Sortir de la colonisation alimentaire
Pour le représentant de l’ASFA, Fassil Gebeyehu Yelemtu, l’alimentation est un droit humain, malheureusement de nombreuses faiblesses structurelles constituent un obstacle à sa matérialisation. Malgré les incertitudes du futur, l’ASFA œuvre à apporter des réponses à ces lacunes, à valoriser les vertus des mets endogènes africains, à apporter le changement nécessaire, a-t-il fait savoir.
Tout en saluant l’ASFA pour son leadership dans la lutte pour la souveraineté alimentaire en Afrique, la présidente de la commission de l’agriculture, du tourisme et des ressources naturelles de l’Assemblée législative d’Afrique de l’Est (EALA), Françoise Uwumukiza, a appelé à aligner les politiques et les législations sur les systèmes alimentaires sur la sagesse, les valeurs africaines et sur les besoins des communautés. Si l’urbanisation a conduit à des habitudes alimentaires importées, il importe de sortir de la sous-valorisation des mets traditionnels africains. Et cela passe, a-t-elle soutenu, par la promotion de l’agroécologie, le soutien aux banques de semences locales, la réduction de la dépendance aux intrants importés.
Pour le coordonnateur général de l’AFSA, Dr Million Belay, l’alimentation n’est pas un bien comme tout autre et savoir qui la contrôle est important, et relève d’ailleurs d’un agenda politique. C’est pourquoi la souveraineté alimentaire est fondamentale. Et pour la réaliser, il faut sortir de la colonisation alimentaire, décoloniser les systèmes éducatifs africains, mais aussi du récit selon lequel l’agroécologie est incapable de nourrir l’Afrique, ainsi que du harcèlement publicitaire qui pousse à consommer des produits malsains et formate les mentalités de nos enfants, a-t-il souligné. Et l’ASFA, en plus de la résistance qu’elle mène, constitue également un laboratoire de solutions. En partenariat avec l’Union africaine (UA), elle travaille à doter le continent de systèmes alimentaires viables orientés vers le bien-être des communautés, le respect de l’environnement, des valeurs socioculturelles africaines.

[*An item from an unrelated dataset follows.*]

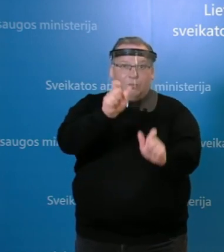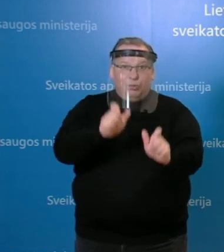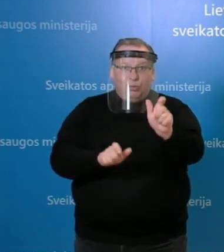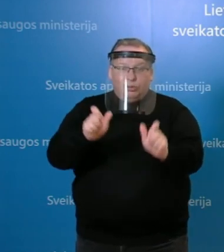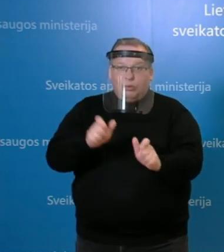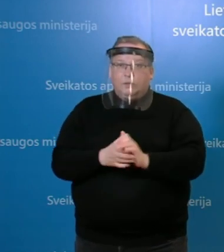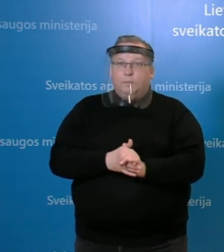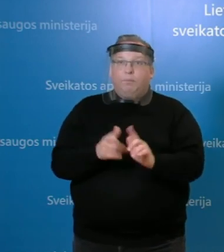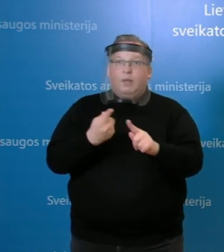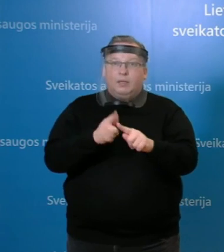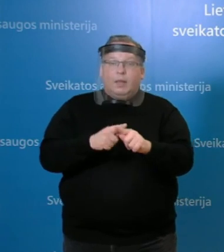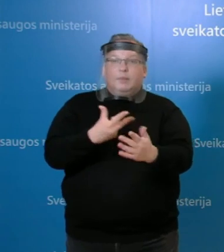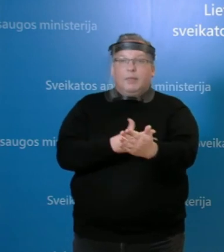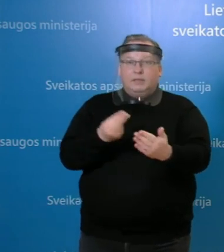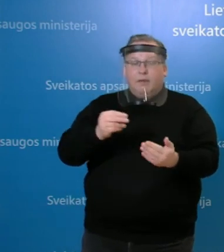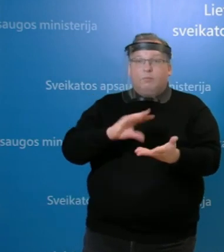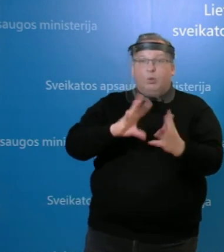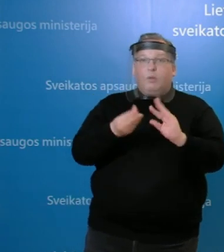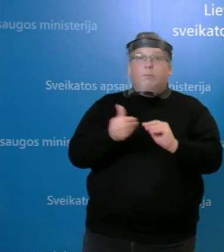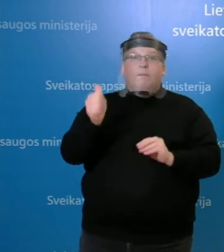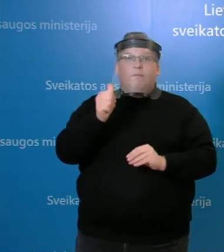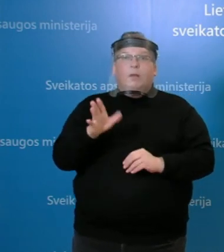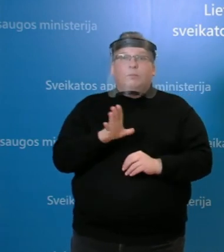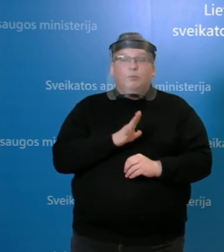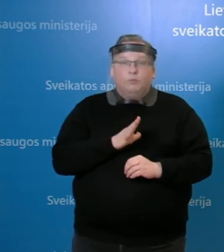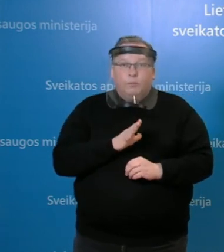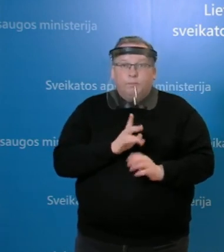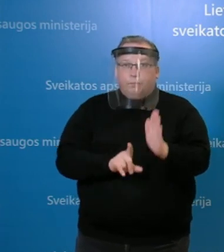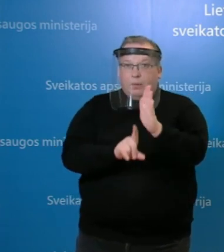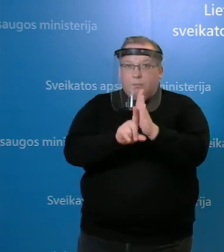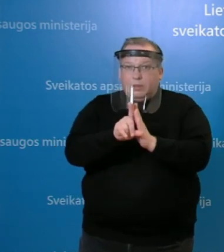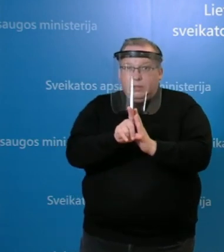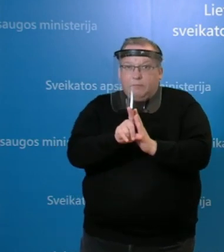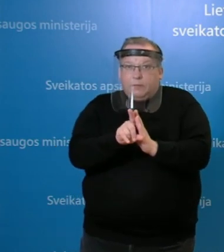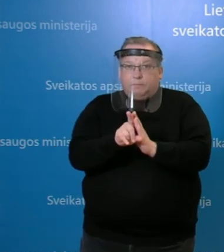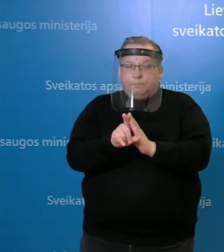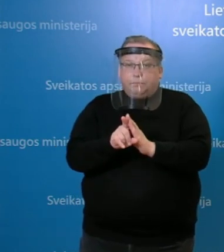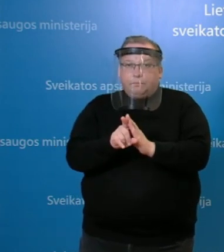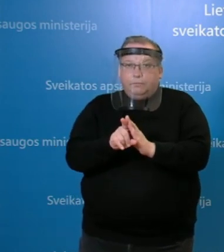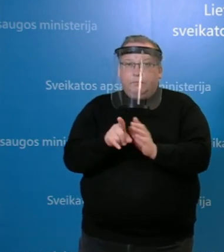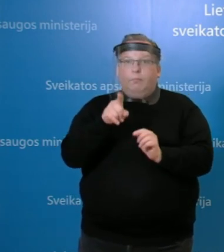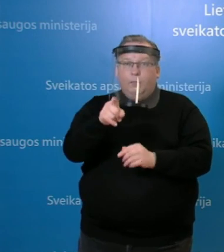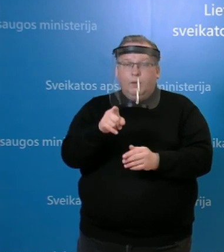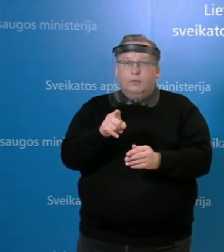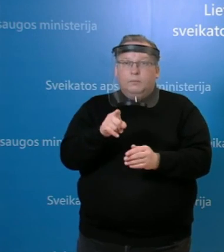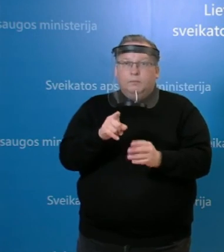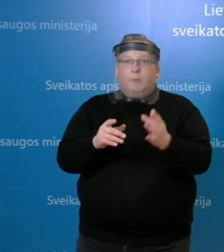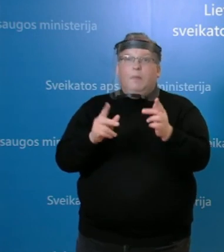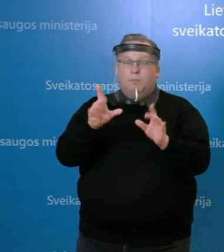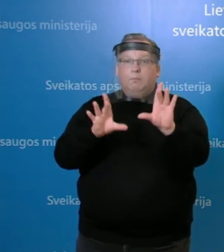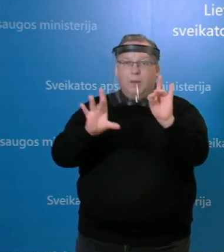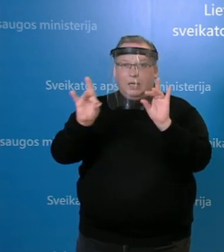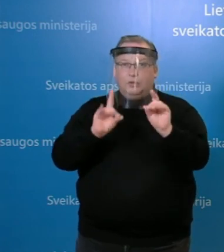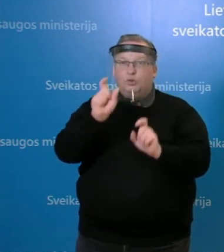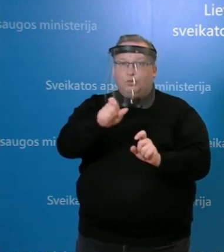dėl testavimo rezultatų minėjot, kad vakar minėjot, kad buvo pradėti profilaktiškai testuoti šios ligoninės darbuotojai. Tai ar yra

Cette rencontre continentale est saluée par plus d’un. « L’initiative est à encourager, car ce ne sont pas les autres qui vont venir nous apprendre à mieux manger. Il est important qu’ensemble, nutritionnistes, chefs cuisiniers, journalistes, transformateurs, etc. se retrouvent pour voir comment travailler dans une synergie et avoir des actions devant contribuer à l’amélioration de nos systèmes alimentaires », a confié la nutritionniste béninoise résident en France et fondatrice de Nutri Afrik, Audray Akakpo. Elle appelle à mettre le bien-être des populations au cœur des priorités.